It’s interesting to me how God can use the people we want him to use the very least to give us hope and encouragement, or worse yet an ally of sorts. There’s still a big part of me that doesn’t want to talk to this girl about our situation, but the tiny part of me that says I should is prodding at me and bugging me.  It’s a strange subject to bring up, but I feel that I should bring it up. I don’t know that it would do me any good to talk to her about it, but I want to at least give her the chance to talk to someone else who is in the same boat. If that’s what she wants, but there’s no harm in at least offering the opportunity.

When I want to listen to God the least that seems to be when he doesn’t want to shut up. And when I want to like someone the least that seems to be when God decides it’s a great idea to use that person in my life. He’s sneaky that one.

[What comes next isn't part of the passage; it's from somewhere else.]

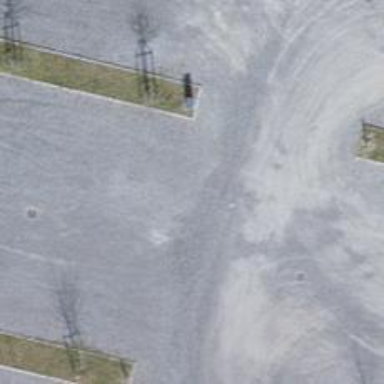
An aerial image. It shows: Asphalt parking aisle road.

A journey in rage and controlling my anger

rage: noun Middle English, from Anglo-French, from Late Latin rabia, from Latin rabies rage, madness, from rabere to be mad; akin to Sanskrit rabhas violence  Date: 14th century. 1) a fit of violent and uncontrolled anger 2) violent action 3) an intense feeling; passion 4) my present emotional state

I sent a detailed explanation of my situation to Dr. Friesen, basically pleading with him to let me walk in graduation. Today I received an e-mail in return that, first of all, was not from him, and second, was essentially a long, formal, impersonal, why-should-we-care-to-be-empathetic, “Hell no.”  So I took it upon myself to reply with an email that said not one thing except “super,” which they likely won’t catch as sarcasm.

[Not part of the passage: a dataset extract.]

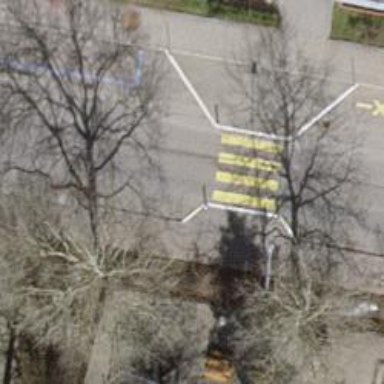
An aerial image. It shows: Marked road crossing.

Now I have to deal with what the hell I’m supposed to do next. I don’t want to go to graduation. I don’t want to go to Forester night. I don’t want to be here at all. I don’t want to talk to people. I don’t want to see anyone. I don’t want to eat.

I want to take those stupid graduation announcements the school made me spend $65 on and throw them all over Friesen’s and the Registrar’s office. I want to demand that $65 back. I want to pack up everything and never come back. I want to curl into bed and never come out.

So now I have to decide what to do with the depression I have that I can almost directly attribute to this university and the anger that I can directly attribute to a very small group of authorities of this university.  The depression can’t really be changed at least not by blind determination to better myself.

But my anger that’s a different story. Because love is not easily angered and I’m beyond angry. I’m beyond pissed. So I already know my reaction is not that of a godly woman.  Do I have a right to be upset? Hell yes I do. Do I have a right to be angry? No. This is not a righteous anger. It is selfish; it is fury that I should not be harboring, but I can’t seem to let it go. Nor do I particularly want to let it go. In Ephesians we’re told not to sin in our anger and not to let the sun go down while we are still angry. So am I supposed to walk over to the registrar and make ammends with them? Tell them I think they’re asshats and it’s bullshit, but I deserve it.

Because I’m not mad that I can’t walk. I mean that sucks, but it’ s just a dumb thing anyway. I’m mad that this school has done such a fantastic job for the last four years making me feel like shit. Reminding me that I’m not good enough to be someone they consider a fine example of HU student. I’m not on a sports team, so I’m fat. I never did a summer tour of Godspell, so I’m untalented. I’m not a ministry or bible and religion major, so I’m going to hell. I’m not on JMC, so I hate the community. I’m not on SAB, so I hate my fellow students. I’m not on Senate, so I hate the school.  I’m an English major who dabbles in theatre and film and writing. I have friends in all different areas of the campus. I go to events that interest me or if I have the time or means. I volunteer where I feel led. I auditioned for Godspell all three times, so maybe I am untalented.  I don’t play sports because I’m too competitive.  But I’m not someone the school would want on any sort of poster, because I’m actually a college student.

I don’t know what I’m going to do next or how I’m going to get past my selfishness, but that’s my battle and that’s my next adveture.